Data records:
────────────────

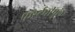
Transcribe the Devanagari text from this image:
फर्स्टपीपुल
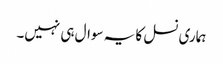
ہماری نسل کا یہ سوال ہی نہیں۔
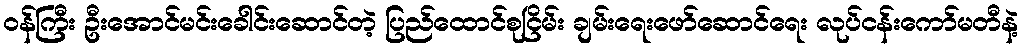
၀န်ကြီး ဦးအောင်မင်းခေါင်းဆောင်တဲ့ ပြည်ထောင်စုငြိမ်း ချမ်းရေးဖော်ဆောင်ရေး လုပ်ငန်းကော်မတီနဲ့
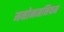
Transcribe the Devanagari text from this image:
मनोनमनियम
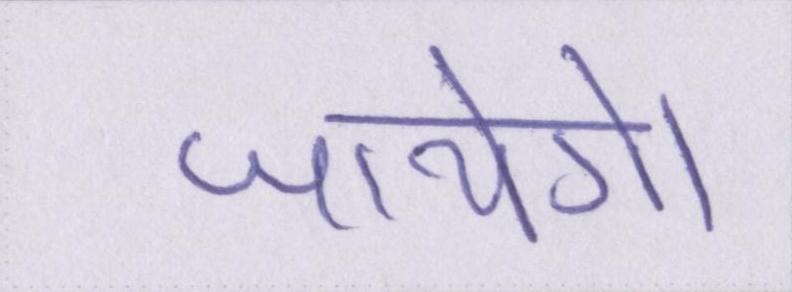
जायेगें।
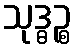
သုဒ္ဓဉ္စ
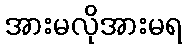
အားမလိုအားမရ
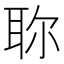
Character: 𦕗
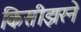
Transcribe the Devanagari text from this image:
किसीझरने
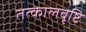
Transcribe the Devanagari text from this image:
तत्कालवृष्टि
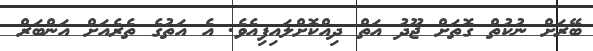
ބޭރަށް ނުކުތް ގޮތަށް ޖޫދު އަތް ދިއްކޮށްލައިފިއެވެ. އެ އަތުގެ ތެރެއަށް އަންބަރް
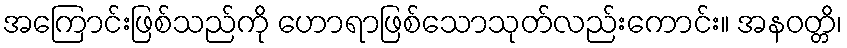
အကြောင်းဖြစ်သည်ကို ဟောရာဖြစ်သောသုတ်လည်းကောင်း။ အနဝတ္တိ၊
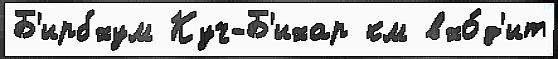
Б'ирбхум Куч-Б'ихар км вхо́д'ит
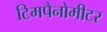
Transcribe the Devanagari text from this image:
टिमपैनोमीटर
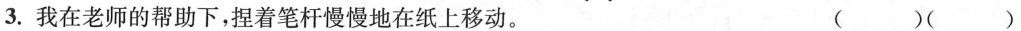
3.我在老师的帮助下，捏着笔杆\underset{·}{慢}\underset{·}{慢}地在纸上\underset{·}{移}\underset{·}{动}。 ( )( )
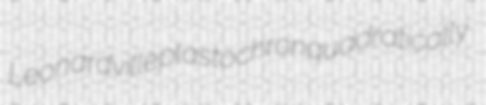
Leonardville plastochron quadratically
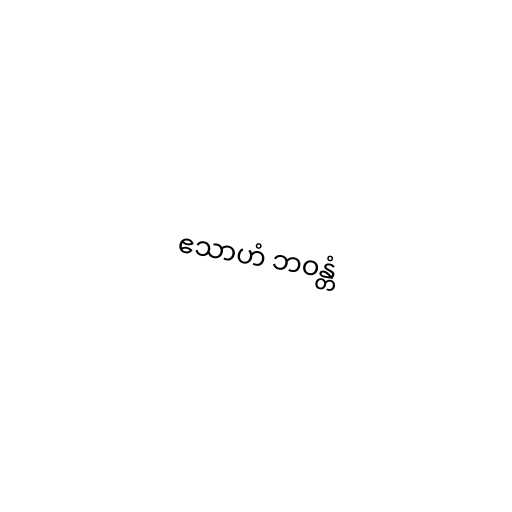
ဧသာဟံ ဘဝန္တံ
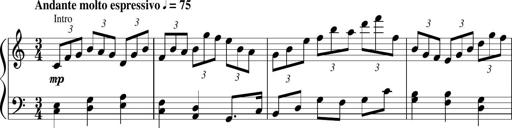
Title: Sonatina in F major
Composer: Ethan Ngo
Key: F major
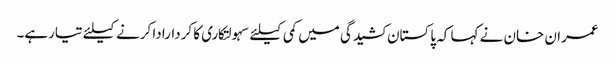
عمران خان نے کہا کہ پاکستان کشیدگی میں کمی کیلئے سہولتکاری کا کردارادا کرنے کیلئے تیارہے۔
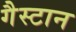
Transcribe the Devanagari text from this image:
गैस्टान
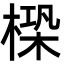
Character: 㮪
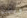
ويلدن
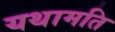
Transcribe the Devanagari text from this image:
यथामति
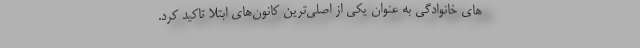
های خانوادگی به عنوان یکی از اصلی‌ترین کانون‌های ابتلا تاکید کرد.
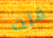
فلت
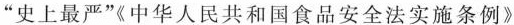
“史上最严”《中华人民共和国食品安全法实施条例》
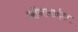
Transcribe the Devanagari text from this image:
ऑनलाईल
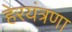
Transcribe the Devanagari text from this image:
हेरयंत्रणा
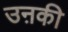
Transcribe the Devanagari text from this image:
उऩकी
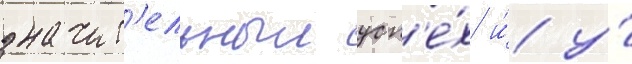
значит'ельныи усп'е́х и́ у́
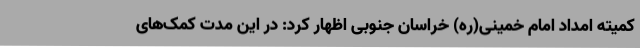
کمیته امداد امام خمینی(ره) خراسان جنوبی اظهار کرد: در این مدت کمک‌های
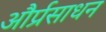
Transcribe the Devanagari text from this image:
और्प्रसाधन
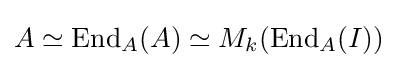
A\simeq \operatorname {End} _{A}(A)\simeq M_{k}(\operatorname {End} _{A}(I))
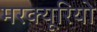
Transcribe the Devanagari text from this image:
मरक्यूरियो
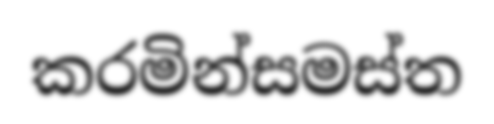
කරමින්සමස්ත
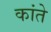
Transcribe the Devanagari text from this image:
कांते
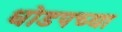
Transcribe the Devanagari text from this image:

────────────────

REQUIRED WORK
With the pictures set aside, please write out all of the records above exactly.

ANSWER BOX
Transcribe the Devanagari text from this image:
फर्स्टपीपुल
ہماری نسل کا یہ سوال ہی نہیں۔
၀န်ကြီး ဦးအောင်မင်းခေါင်းဆောင်တဲ့ ပြည်ထောင်စုငြိမ်း ချမ်းရေးဖော်ဆောင်ရေး လုပ်ငန်းကော်မတီနဲ့
Transcribe the Devanagari text from this image:
मनोनमनियम
जायेगें।
သုဒ္ဓဉ္စ
အားမလိုအားမရ
Character: 𦕗
Transcribe the Devanagari text from this image:
किसीझरने
Transcribe the Devanagari text from this image:
तत्कालवृष्टि
ބޭރަށް ނުކުތް ގޮތަށް ޖޫދު އަތް ދިއްކޮށްލައިފިއެވެ. އެ އަތުގެ ތެރެއަށް އަންބަރް
အကြောင်းဖြစ်သည်ကို ဟောရာဖြစ်သောသုတ်လည်းကောင်း။ အနဝတ္တိ၊
Б'ирбхум Куч-Б'ихар км вхо́д'ит
Transcribe the Devanagari text from this image:
टिमपैनोमीटर
3.我在老师的帮助下，捏着笔杆\underset{·}{慢}\underset{·}{慢}地在纸上\underset{·}{移}\underset{·}{动}。 ( )( )
Leonardville plastochron quadratically
ဧသာဟံ ဘဝန္တံ
Title: Sonatina in F major
Composer: Ethan Ngo
Key: F major
عمران خان نے کہا کہ پاکستان کشیدگی میں کمی کیلئے سہولتکاری کا کردارادا کرنے کیلئے تیارہے۔
Transcribe the Devanagari text from this image:
गैस्टान
Character: 㮪
ويلدن
Transcribe the Devanagari text from this image:
यथामति
های خانوادگی به عنوان یکی از اصلی‌ترین کانون‌های ابتلا تاکید کرد.
فلت
“史上最严”《中华人民共和国食品安全法实施条例》
Transcribe the Devanagari text from this image:
ऑनलाईल
Transcribe the Devanagari text from this image:
हेरयंत्रणा
Transcribe the Devanagari text from this image:
उऩकी
значит'ельныи усп'е́х и́ у́
کمیته امداد امام خمینی(ره) خراسان جنوبی اظهار کرد: در این مدت کمک‌های
Transcribe the Devanagari text from this image:
और्प्रसाधन
A\simeq \operatorname {End} _{A}(A)\simeq M_{k}(\operatorname {End} _{A}(I))
Transcribe the Devanagari text from this image:
मरक्यूरियो
කරමින්සමස්ත
Transcribe the Devanagari text from this image:
कांते
Transcribe the Devanagari text from this image:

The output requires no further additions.